Prompt
Faithfully repeat each entry below, minus the pictures.

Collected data
= Beginning of Section =
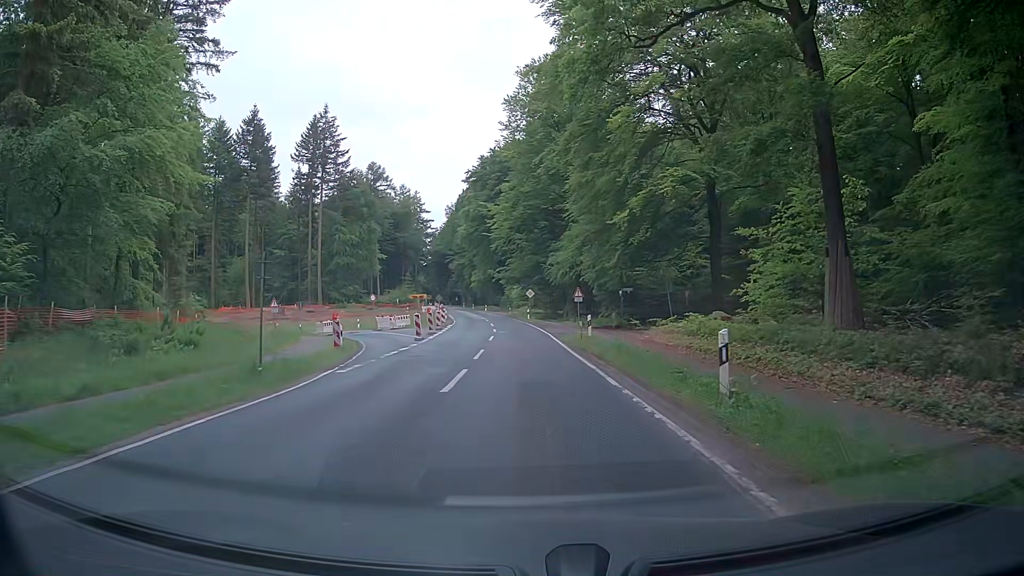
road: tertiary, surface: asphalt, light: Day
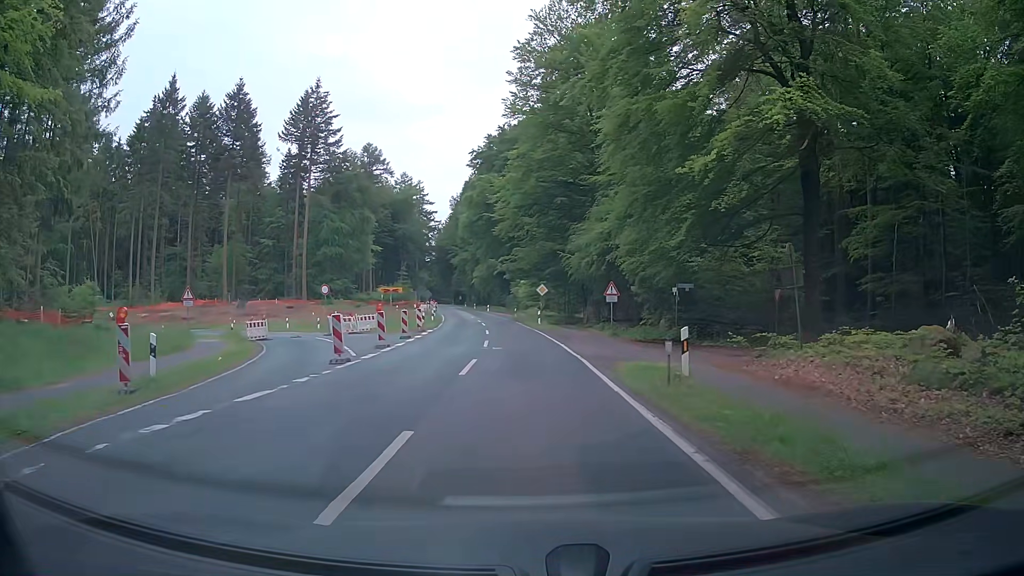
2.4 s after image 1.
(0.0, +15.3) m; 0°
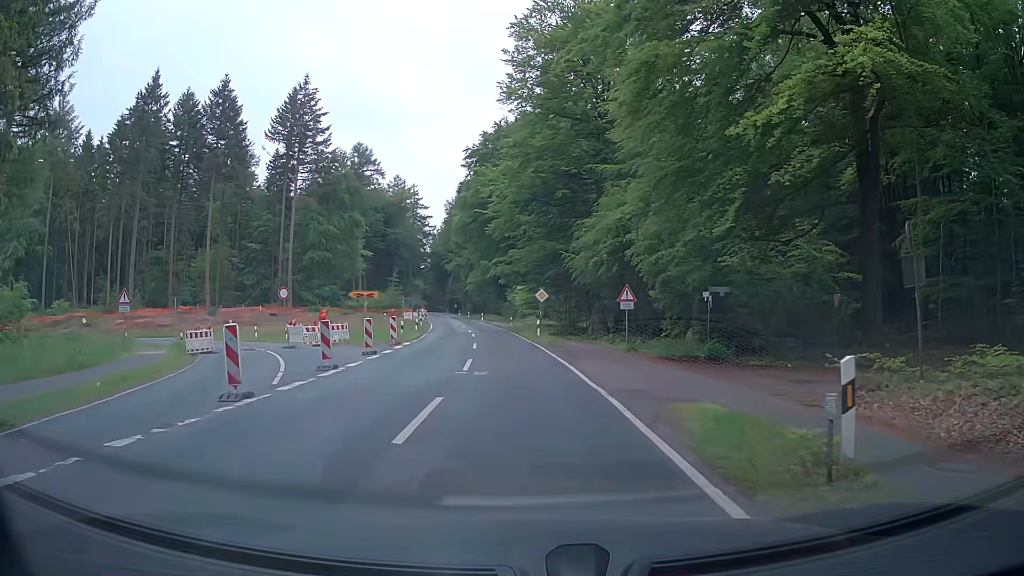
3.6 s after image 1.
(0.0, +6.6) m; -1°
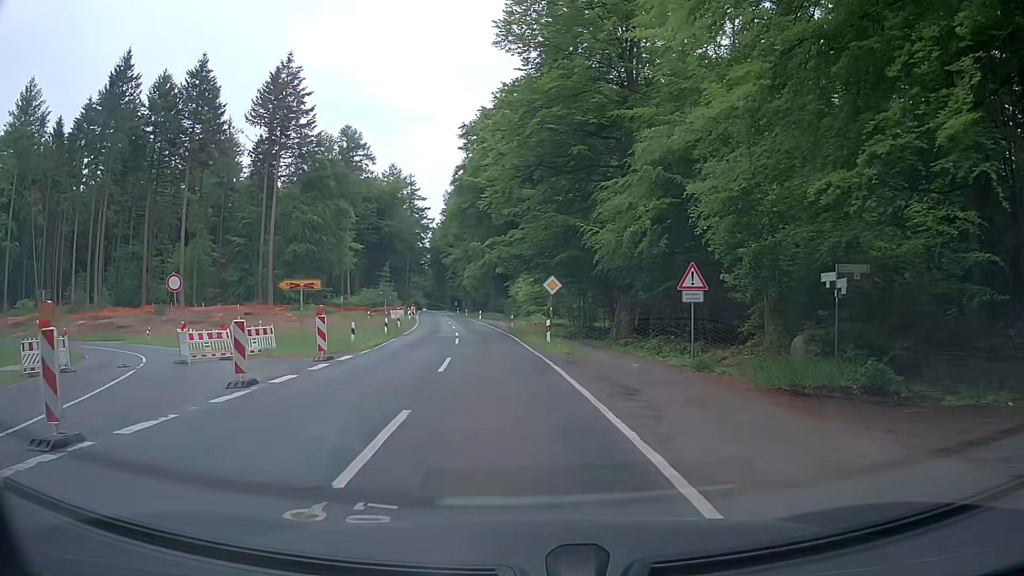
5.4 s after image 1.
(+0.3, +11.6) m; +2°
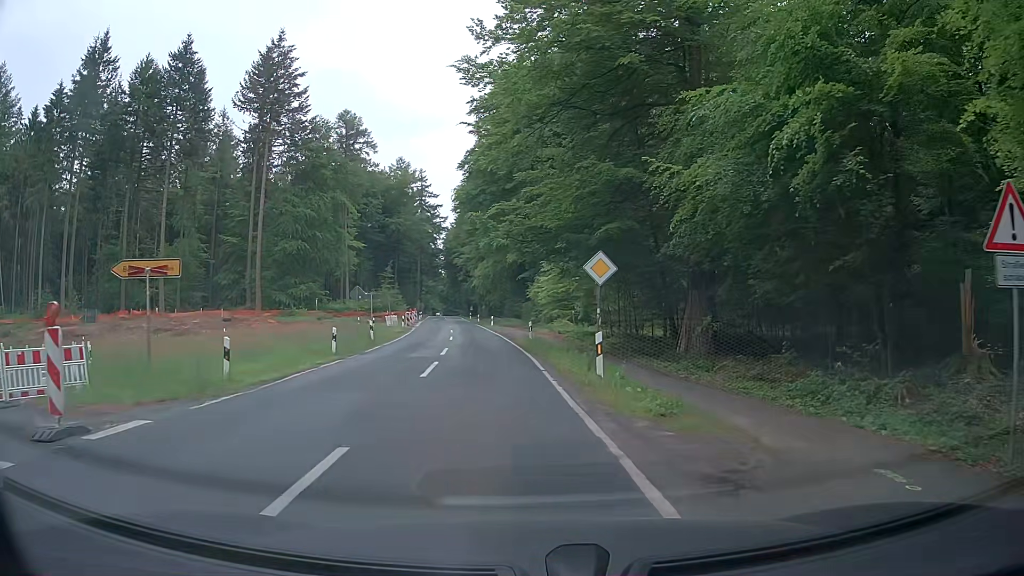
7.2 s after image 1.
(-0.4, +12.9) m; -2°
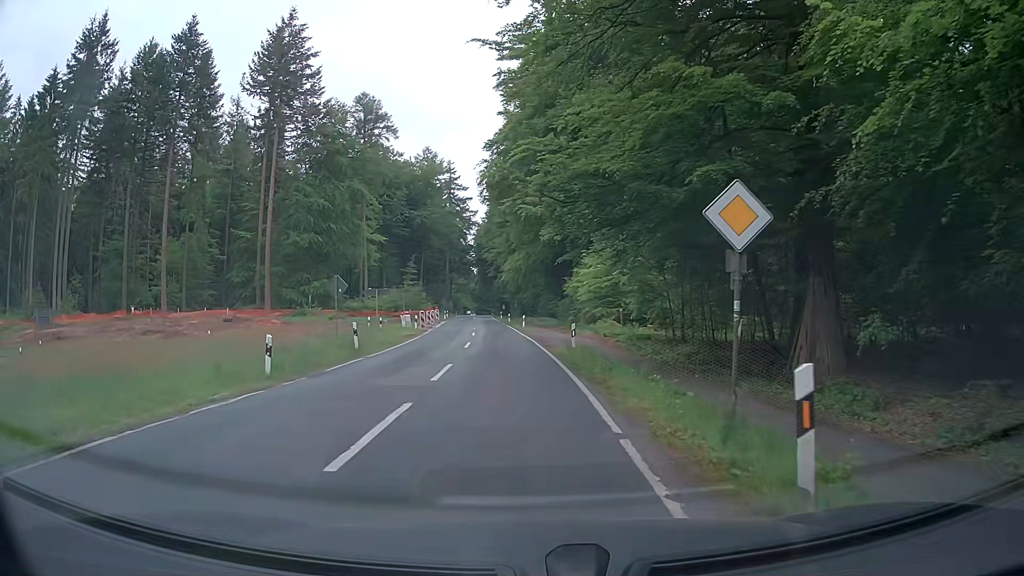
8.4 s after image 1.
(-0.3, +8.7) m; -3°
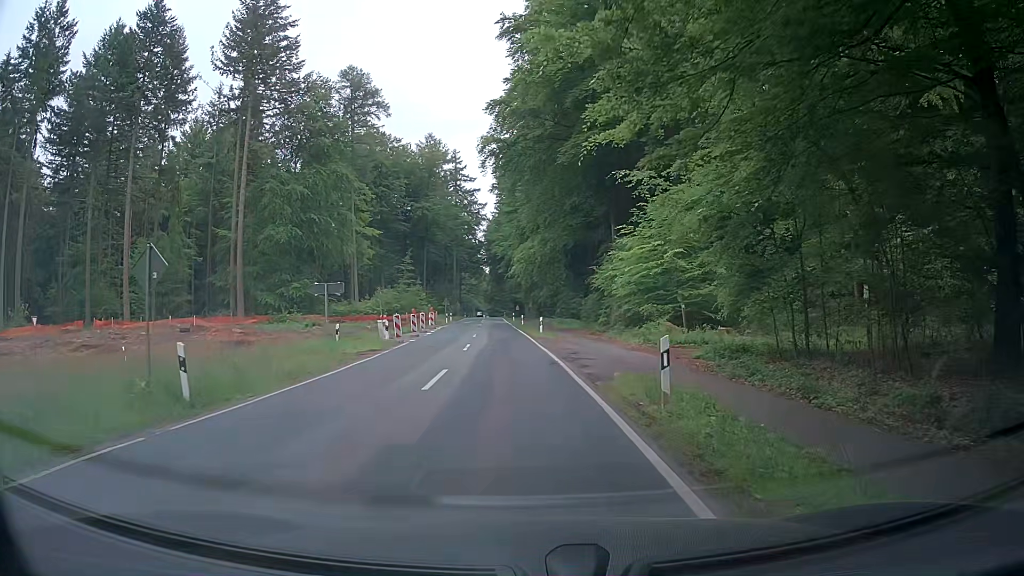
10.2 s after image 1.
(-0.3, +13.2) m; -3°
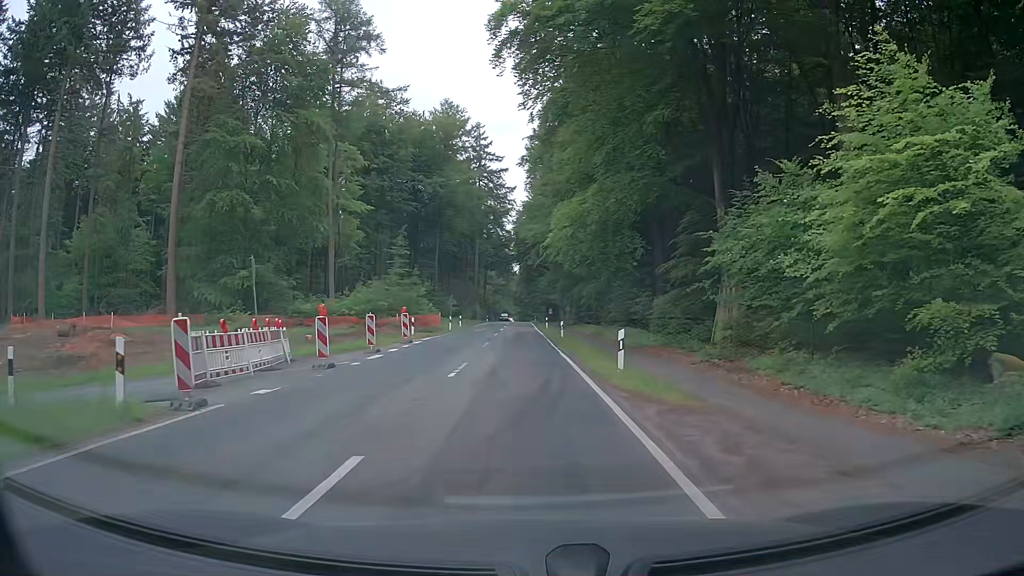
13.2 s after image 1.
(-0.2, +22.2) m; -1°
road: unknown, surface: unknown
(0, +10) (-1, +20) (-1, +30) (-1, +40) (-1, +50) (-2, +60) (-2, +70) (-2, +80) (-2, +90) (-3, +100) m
= End of Section =
Answer below
road: tertiary, surface: asphalt, light: Day
2.4 s after image 1.
(0.0, +15.3) m; 0°
3.6 s after image 1.
(0.0, +6.6) m; -1°
5.4 s after image 1.
(+0.3, +11.6) m; +2°
7.2 s after image 1.
(-0.4, +12.9) m; -2°
8.4 s after image 1.
(-0.3, +8.7) m; -3°
10.2 s after image 1.
(-0.3, +13.2) m; -3°
13.2 s after image 1.
(-0.2, +22.2) m; -1°
road: unknown, surface: unknown
(0, +10) (-1, +20) (-1, +30) (-1, +40) (-1, +50) (-2, +60) (-2, +70) (-2, +80) (-2, +90) (-3, +100) m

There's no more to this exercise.